For those blurred seasons (all twelve months of them these days) I have manifold and varied options for the fooding.
A v.small 110W slow-cooker (most splendid). Cooks all manner of things, even bakes.
RidgeMonkey – stovetop and/or open fire and/or just about any heat source.
The magnificent OmniaOven – any heat source from stove to open fire…
My uber-cute one litre cast-iron Dutch Oven (just about any heat source)…
and which is pre-warming stove-top as I type this, the better to re-heat a PUKKA pie for me later (tis a lazy, lazy day!) – praise also be to Venetian Hire-Boats & Chandlery.
… and even lots (and lots) of outdoor heat options, closer to but not quite the full “cave-man”.
When necessary I can use twigs and old (or new) bird’s nests as fuel. If in a hurry (or lazy) I can also curry using solid-fuel blocks or those little cans of chafing fuel.
In extremis I also have the necessary for cooking over a paleolithic-style open fire ignited by rubbing two elderly badgers together.
That said, my favourite “go-to” remains my decades old, battle-scarred saucepan/steamer (if it grew below-ground boil it, above-ground then steam it, ish). This is also happy to sit upon any heat source other than full nukular.
Once rid, the space where the full-size LPG cooker used to be will become (neater, more convenient) storage for all of these and other cooking options, and will add to the galley worktop space.
The wee Remoska beastie is on the way (the other thing boats do not have is an address or a letterbox – or a doorstep upon which to leave expensive parcels, thank you very much HERPES Delivery driver, praise be to the Bro for finding it and taking it in – all being swelligant, see you next week some time).

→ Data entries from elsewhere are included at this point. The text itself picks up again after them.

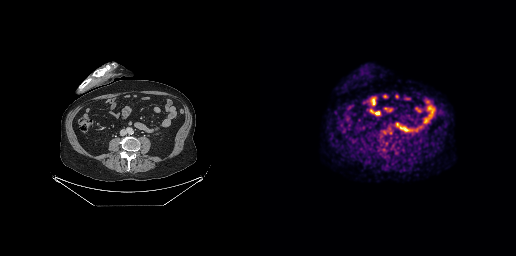
{"modality":"PSMA PET/CT","view":"axial","tracer":"[18F]PSMA-1007","pet_grid":[256,256],"coord_frame":"pet_panel","coord_format":"x0,y0,x1,y1","psma_avid_lesions":false}
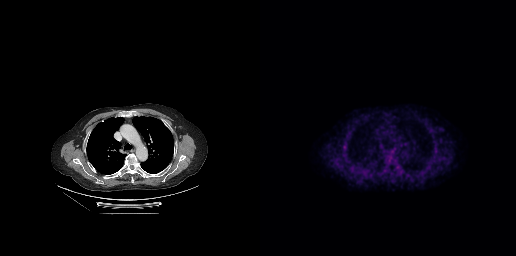
Coordinates are on the 256×256 PET (right) panel. PSMA-avid tumor lesion bounding box (x, y, width, height): x=83 y=143 w=4 h=9.
modality: PSMA PET/CT | tracer: 18F | view: axial
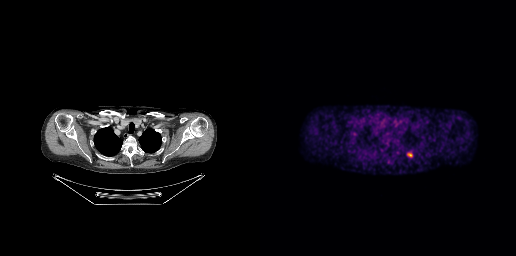
{"pet_grid":[256,256],"coord_frame":"pet_panel","coord_format":"x0,y0,x1,y1","lesion_bboxes":[[147,153,152,156]],"modality":"PSMA PET/CT","view":"axial","tracer":"18F"}

The beastie will be called upon for varied service, from simple re-heating through proper bloke-cookery to the occasional full-blown gastronormous adventure.
Fingers crossed. I’ll let you know. 🙂
The Cardinal going “gas-free” is of course a relative condition. Have you heard of Jerusalem Artichokes? They have an …effect upon some folk. Some even suffer extreme effects. I, of course, fall into the latter camp.
I discovered this years ago and I can safely say that simply unwittingly cooking and eating a portion of Jerusalem Artichokes brought about the only occasion when I actually had the telephone in hand, fingers hovering over ‘999’ for the Emergency Services, wondering how I could explain that I, being of sound mind and sober and scientific disposition, seriously needed an ambulance because I was quite certainly about to die from flatulence of a volume and violence that I had hitherto not imagined might exist outside of the remit and purview of the Brussels Sprout-Eating Rhinoceros.
Had there been the slightest spark, such as from someone flicking a light switch, half of Norfolk would have been destroyed in the subsequent blast, and the Hubble Telescope would have recorded the first Hutson in (deep) Outer Space. Doubtless embarrassingly trouser-free, and thus ensuring the Human Species’ disbarment from any and all Alien Federations.
I lived of course (just, only just) but thereafter my mate’s dog (an expert canine farter himself) worshipped me as a god.
I on the other hand saw not gods but the work of The Devil in that vegetable.
The Remoska will be cooking no Jerusalem Artichokes, ne’ery a one.
Bring on the sunshine.
Ian H., & Cardinal W., on a “summery” feet-in-front-of-the-blazing-stove day.